TASK DIRECTIONS: Before returning the data, strip out the pictures and keep everything else exactly the same.

SOURCE DATA:
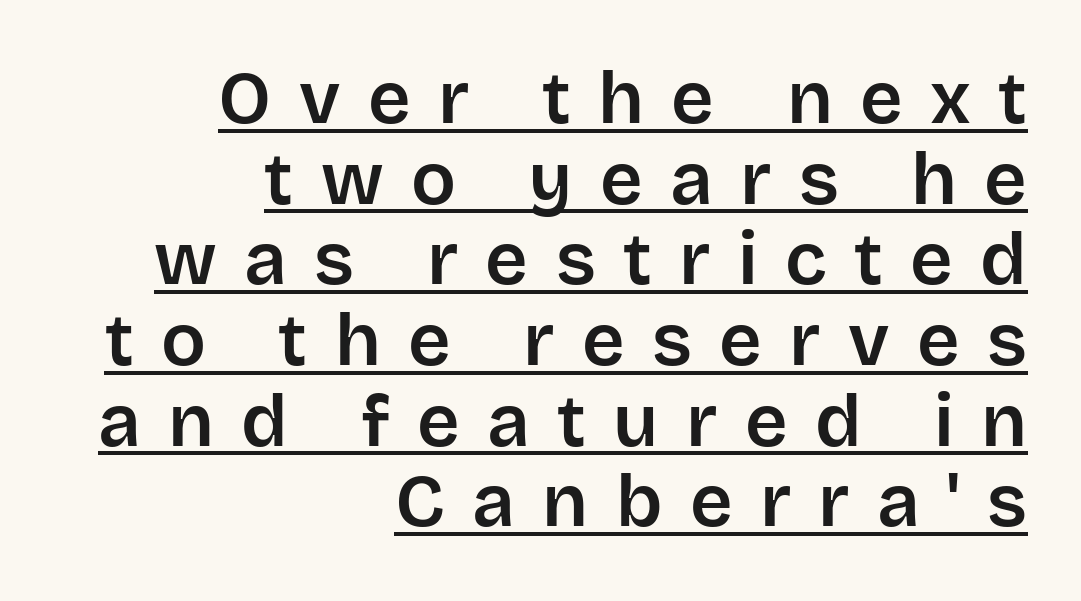
{"serif": "no", "italic": "no", "width": "normal", "stroke_contrast": "low", "x_height": "large", "monospaced": "no", "underline": "yes", "align": "right", "line_spacing": "tight", "line_spacing_ratio": 1.09, "letter_spacing": "wide", "letter_spacing_em": 0.37, "glyph_px": 74}
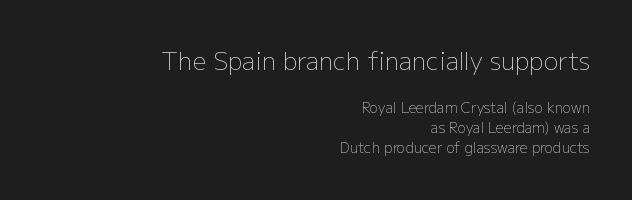
The image shows 24 px text type, upright; set right-aligned, normal line spacing (1.43x), normal letter spacing, not underlined; the first (top) block is 1.71x larger.
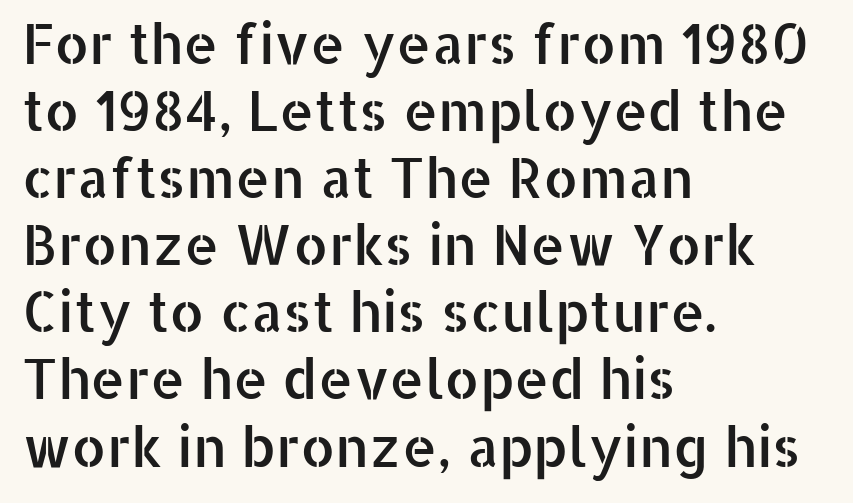
The image shows 55 px sans-serif type, upright; set left-aligned, line spacing 1.22x, normal letter spacing, not underlined; low stroke contrast and a medium x-height.
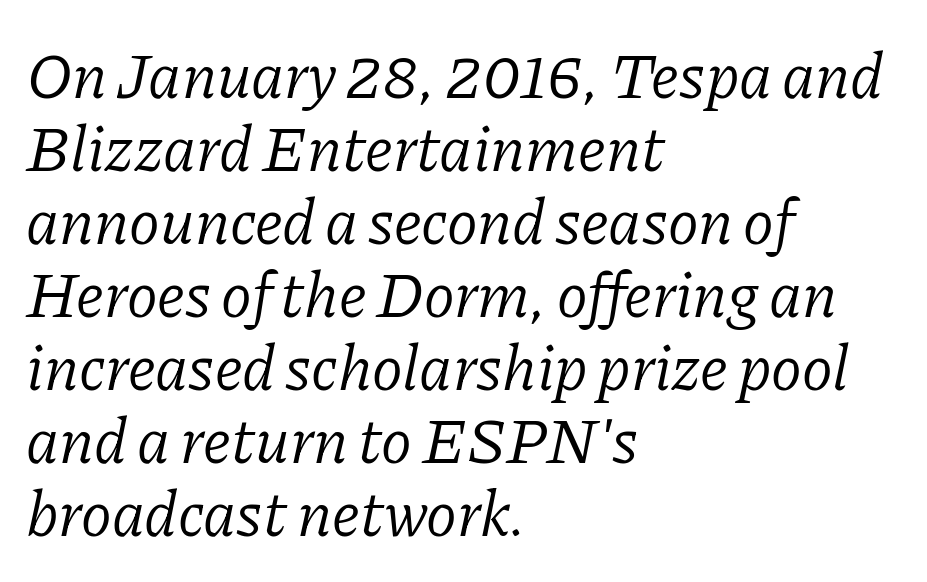
Q: Is the text bold? A: No.
Q: Is the text italic (slanted)? A: Yes, it leans right by about 11 degrees.
Q: Is the typeface a serif or a sans-serif typeface? A: Serif.
Q: Is the text underlined? A: No.
Q: How is the paragraph aligned? A: Left-aligned.
Q: Is the spacing between letters normal or unusually wide? A: Normal.
Q: Is the spacing between lines tight, normal or loose? A: Tight.
Q: Width (condensed, normal, or wide)? A: Normal.
Q: Stroke contrast? A: Low.
Q: x-height? A: Medium.
Q: Monospaced? A: No.
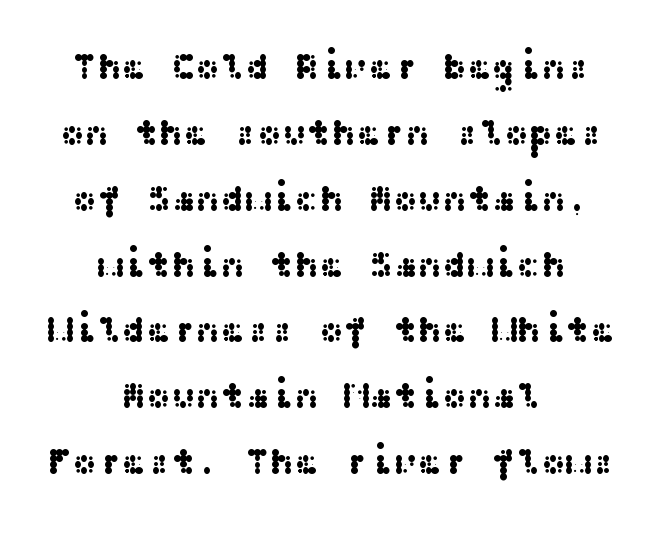
The image shows 37 px wide sans-serif type, upright; set centered, line spacing 1.78x, normal letter spacing, not underlined; medium stroke contrast and a medium x-height.
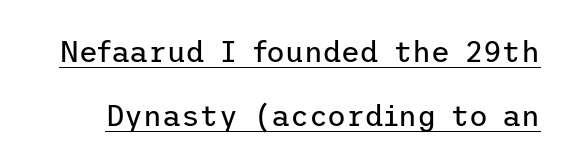
The image shows 29 px regular-weight sans-serif type, upright; set loose line spacing (2.2x), normal letter spacing, underlined; low stroke contrast and a medium x-height.
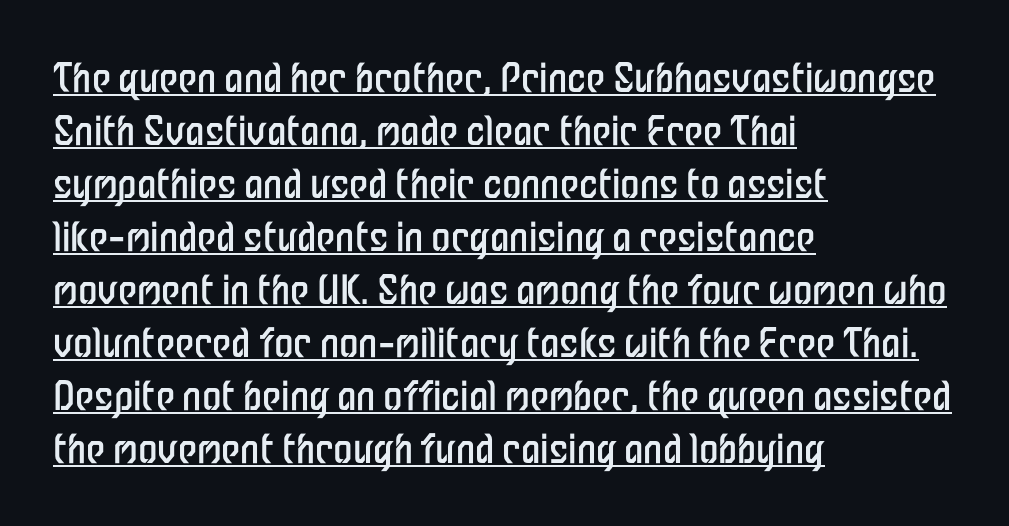
The lines are quadded left. Weight: not bold — regular or lighter. The words here are underlined. Is there much room between lines? A standard amount, neither cramped nor airy. The tracking reads as untouched default to a designer's eye.
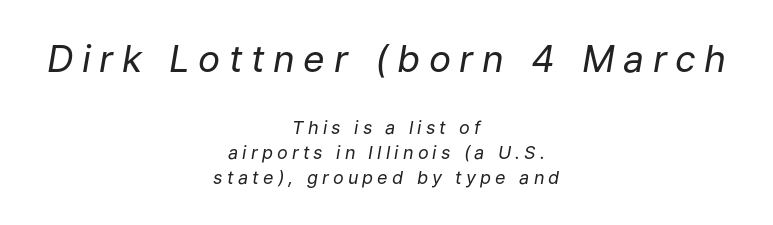
Q: Is the text bold? A: No.
Q: Is the text italic (slanted)? A: Yes, it leans right by about 9 degrees.
Q: Is the text underlined? A: No.
Q: How is the paragraph aligned? A: Centered.
Q: Is the spacing between letters normal or unusually wide? A: Unusually wide.
Q: Is the spacing between lines tight, normal or loose? A: Normal.
Q: Which block of text is set in a larger size, the first (top) or the second (bottom)? A: The first (top) one.
Q: Width (condensed, normal, or wide)? A: Normal.
Q: Stroke contrast? A: Low.
Q: x-height? A: Medium.
Q: Monospaced? A: No.
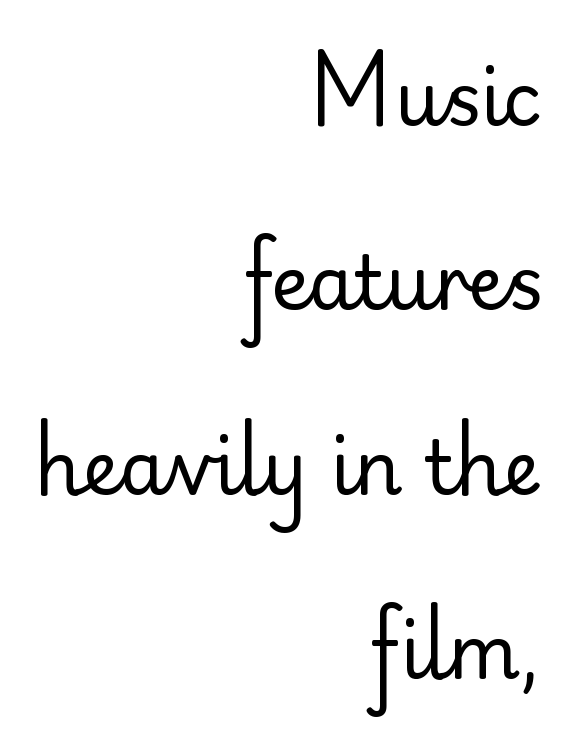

ANSWER BELOW:
{"serif": "no", "italic": "no", "width": "normal", "stroke_contrast": "low", "x_height": "large", "monospaced": "no", "underline": "yes", "align": "right", "line_spacing": "tight", "line_spacing_ratio": 1.09, "letter_spacing": "wide", "letter_spacing_em": 0.37, "glyph_px": 74}
The image shows 24 px text type, upright; set right-aligned, normal line spacing (1.43x), normal letter spacing, not underlined; the first (top) block is 1.71x larger.
The image shows 55 px sans-serif type, upright; set left-aligned, line spacing 1.22x, normal letter spacing, not underlined; low stroke contrast and a medium x-height.
Q: Is the text bold? A: No.
Q: Is the text italic (slanted)? A: Yes, it leans right by about 11 degrees.
Q: Is the typeface a serif or a sans-serif typeface? A: Serif.
Q: Is the text underlined? A: No.
Q: How is the paragraph aligned? A: Left-aligned.
Q: Is the spacing between letters normal or unusually wide? A: Normal.
Q: Is the spacing between lines tight, normal or loose? A: Tight.
Q: Width (condensed, normal, or wide)? A: Normal.
Q: Stroke contrast? A: Low.
Q: x-height? A: Medium.
Q: Monospaced? A: No.
The image shows 37 px wide sans-serif type, upright; set centered, line spacing 1.78x, normal letter spacing, not underlined; medium stroke contrast and a medium x-height.
The image shows 29 px regular-weight sans-serif type, upright; set loose line spacing (2.2x), normal letter spacing, underlined; low stroke contrast and a medium x-height.
The lines are quadded left. Weight: not bold — regular or lighter. The words here are underlined. Is there much room between lines? A standard amount, neither cramped nor airy. The tracking reads as untouched default to a designer's eye.
Q: Is the text bold? A: No.
Q: Is the text italic (slanted)? A: Yes, it leans right by about 9 degrees.
Q: Is the text underlined? A: No.
Q: How is the paragraph aligned? A: Centered.
Q: Is the spacing between letters normal or unusually wide? A: Unusually wide.
Q: Is the spacing between lines tight, normal or loose? A: Normal.
Q: Which block of text is set in a larger size, the first (top) or the second (bottom)? A: The first (top) one.
Q: Width (condensed, normal, or wide)? A: Normal.
Q: Stroke contrast? A: Low.
Q: x-height? A: Medium.
Q: Monospaced? A: No.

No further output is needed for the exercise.